This is a guide and introduction to querying the
beta.gss-data.org.uk
site with a
new prototype GraphQL service.
This document contains example queries, with links which demonstrate them in the GraphiQL playground environment.
This proof of concept prototype exists primarily to prove the following concepts:
- That GraphQL can serve as an easier and more familiar way for developers to access some of the data we hold. For targetted use cases.
- That GraphQL schema can serve as a better interface to the data than SPARQL for some use cases, and be more easily aligned and optimised towards user and platform needs. SPARQL is an incredibly flexible query language, but that generality brings a performance cost, as SPARQL has to target all possible use cases, where as a given GraphQL schema can target and optimise performance for specific needs. We can then hide optimised services behind GraphQL schema/resolvers.
- That we can seamlessly bridge the divide between Linked Data and GraphQL.
This prototype does not replace SPARQL, internally it dynamically generates SPARQL queries to perform catalog and ultimately provide an API for faceted search.
We developed a prototype schema which we believe with some further refinement could support the proposed designs for our faceted catalog search.
We also believe the schema can be evolved in the future to support other needs such as querying and filtering datasets.

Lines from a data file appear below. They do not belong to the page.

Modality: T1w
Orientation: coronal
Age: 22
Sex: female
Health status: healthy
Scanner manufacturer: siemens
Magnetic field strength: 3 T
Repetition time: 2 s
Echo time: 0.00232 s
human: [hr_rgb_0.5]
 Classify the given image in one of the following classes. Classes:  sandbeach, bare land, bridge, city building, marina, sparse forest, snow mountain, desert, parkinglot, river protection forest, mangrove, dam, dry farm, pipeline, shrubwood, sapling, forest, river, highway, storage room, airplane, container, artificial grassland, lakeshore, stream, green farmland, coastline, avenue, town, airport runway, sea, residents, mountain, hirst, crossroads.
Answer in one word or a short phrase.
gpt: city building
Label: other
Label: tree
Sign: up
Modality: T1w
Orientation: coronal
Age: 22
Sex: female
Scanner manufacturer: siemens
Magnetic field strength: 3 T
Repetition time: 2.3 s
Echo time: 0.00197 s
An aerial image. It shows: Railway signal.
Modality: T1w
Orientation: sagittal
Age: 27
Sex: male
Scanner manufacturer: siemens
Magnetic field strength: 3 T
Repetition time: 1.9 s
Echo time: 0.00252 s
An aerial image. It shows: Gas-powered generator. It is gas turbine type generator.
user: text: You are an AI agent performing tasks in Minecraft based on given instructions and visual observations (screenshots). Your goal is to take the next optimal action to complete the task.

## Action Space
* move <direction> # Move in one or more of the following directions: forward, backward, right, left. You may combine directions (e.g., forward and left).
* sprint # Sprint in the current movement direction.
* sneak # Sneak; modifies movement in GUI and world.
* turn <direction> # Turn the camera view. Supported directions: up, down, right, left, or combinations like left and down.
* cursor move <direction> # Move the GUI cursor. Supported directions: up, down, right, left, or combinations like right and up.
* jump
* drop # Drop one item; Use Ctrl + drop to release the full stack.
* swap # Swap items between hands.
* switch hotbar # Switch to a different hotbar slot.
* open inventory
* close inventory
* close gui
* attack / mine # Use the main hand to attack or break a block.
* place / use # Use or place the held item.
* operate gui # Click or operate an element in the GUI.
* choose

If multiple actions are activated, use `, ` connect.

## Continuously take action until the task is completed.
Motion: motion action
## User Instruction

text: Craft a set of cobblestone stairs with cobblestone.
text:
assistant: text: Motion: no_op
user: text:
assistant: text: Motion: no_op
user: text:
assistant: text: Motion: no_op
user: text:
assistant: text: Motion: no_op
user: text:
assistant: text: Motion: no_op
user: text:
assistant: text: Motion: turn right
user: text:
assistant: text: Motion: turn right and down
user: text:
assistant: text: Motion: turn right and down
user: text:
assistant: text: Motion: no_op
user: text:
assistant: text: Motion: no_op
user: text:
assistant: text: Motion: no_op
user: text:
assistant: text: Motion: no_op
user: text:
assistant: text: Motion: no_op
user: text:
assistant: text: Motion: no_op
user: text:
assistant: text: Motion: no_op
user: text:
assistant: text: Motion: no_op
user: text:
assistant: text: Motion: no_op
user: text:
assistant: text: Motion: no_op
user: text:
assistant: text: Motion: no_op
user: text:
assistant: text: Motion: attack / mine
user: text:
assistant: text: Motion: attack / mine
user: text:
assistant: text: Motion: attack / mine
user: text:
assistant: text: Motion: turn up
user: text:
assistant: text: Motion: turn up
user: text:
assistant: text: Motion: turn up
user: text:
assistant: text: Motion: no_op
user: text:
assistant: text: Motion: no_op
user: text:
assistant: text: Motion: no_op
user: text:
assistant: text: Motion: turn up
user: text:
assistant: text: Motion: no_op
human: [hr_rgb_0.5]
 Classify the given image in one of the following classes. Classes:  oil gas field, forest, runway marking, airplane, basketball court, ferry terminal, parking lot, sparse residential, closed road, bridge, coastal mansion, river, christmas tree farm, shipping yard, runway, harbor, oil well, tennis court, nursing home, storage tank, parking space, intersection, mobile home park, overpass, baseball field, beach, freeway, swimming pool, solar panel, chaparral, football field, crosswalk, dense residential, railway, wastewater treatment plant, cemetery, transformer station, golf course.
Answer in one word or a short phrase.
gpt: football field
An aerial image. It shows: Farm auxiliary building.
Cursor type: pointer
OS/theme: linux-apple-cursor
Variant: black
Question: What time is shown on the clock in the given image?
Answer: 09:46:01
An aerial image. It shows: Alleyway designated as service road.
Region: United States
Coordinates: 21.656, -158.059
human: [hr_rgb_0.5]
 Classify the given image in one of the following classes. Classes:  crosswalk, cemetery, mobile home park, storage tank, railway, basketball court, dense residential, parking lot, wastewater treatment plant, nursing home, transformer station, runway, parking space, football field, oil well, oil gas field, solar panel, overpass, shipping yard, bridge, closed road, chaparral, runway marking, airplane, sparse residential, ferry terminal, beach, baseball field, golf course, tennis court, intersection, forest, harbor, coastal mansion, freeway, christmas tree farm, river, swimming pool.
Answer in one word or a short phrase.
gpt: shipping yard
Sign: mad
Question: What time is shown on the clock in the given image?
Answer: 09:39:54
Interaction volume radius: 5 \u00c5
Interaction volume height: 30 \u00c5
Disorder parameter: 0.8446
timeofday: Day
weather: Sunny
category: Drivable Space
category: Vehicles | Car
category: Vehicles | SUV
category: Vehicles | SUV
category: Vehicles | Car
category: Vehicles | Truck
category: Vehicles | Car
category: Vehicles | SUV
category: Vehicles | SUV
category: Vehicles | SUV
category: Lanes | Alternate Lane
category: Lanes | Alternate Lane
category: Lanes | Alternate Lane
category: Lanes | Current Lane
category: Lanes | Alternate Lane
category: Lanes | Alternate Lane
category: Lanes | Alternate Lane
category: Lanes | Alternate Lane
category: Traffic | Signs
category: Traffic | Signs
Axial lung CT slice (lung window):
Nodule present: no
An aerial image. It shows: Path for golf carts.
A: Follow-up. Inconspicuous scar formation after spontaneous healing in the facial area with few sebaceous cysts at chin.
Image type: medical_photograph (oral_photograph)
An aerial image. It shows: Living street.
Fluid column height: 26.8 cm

For the time being these use cases are left out.
We provide a GraphiQL environment to assist in the creation of GraphQL queries, conforming to our schema at the following address:
http://graphql-prototype.gss-data.org.uk/ide
This interface is wired up to query the public beta.gss-data.org.uk
service.
The GraphiQL interface provides automated tab-completion based upon our GraphQL schema, which means that most queries can be written by auto-complete, and selecting the appropriate field or argument from the drop down.
This is one of the main reasons GraphQL is easier for users to write than SPARQL.
The simplest 'useful' query we currently support is:
{
endpoint {
catalog {
id
label
}
}
}
This returns some basic metadata about the default catalog, if you're not familiar with GraphQL you will notice that the shape of the query directly mirrors the shape of the results:
{
"data": {
"endpoint": {
"catalog": {
"id": "http://gss-data.org.uk/catalog/datasets",
"label": "Datasets"
}
}
}
}
What is endpoint
and why is it in the schema? endpoint
represents
the endpoint we're currently connected to, this exists to allow
appropriately authenticated users to query things out of specific
draftsets, e.g.
We plan to eventually support queries like this, which will ask the same question of the appropriate draftset, at which point you will also be able to access appropriate metadata from the draft.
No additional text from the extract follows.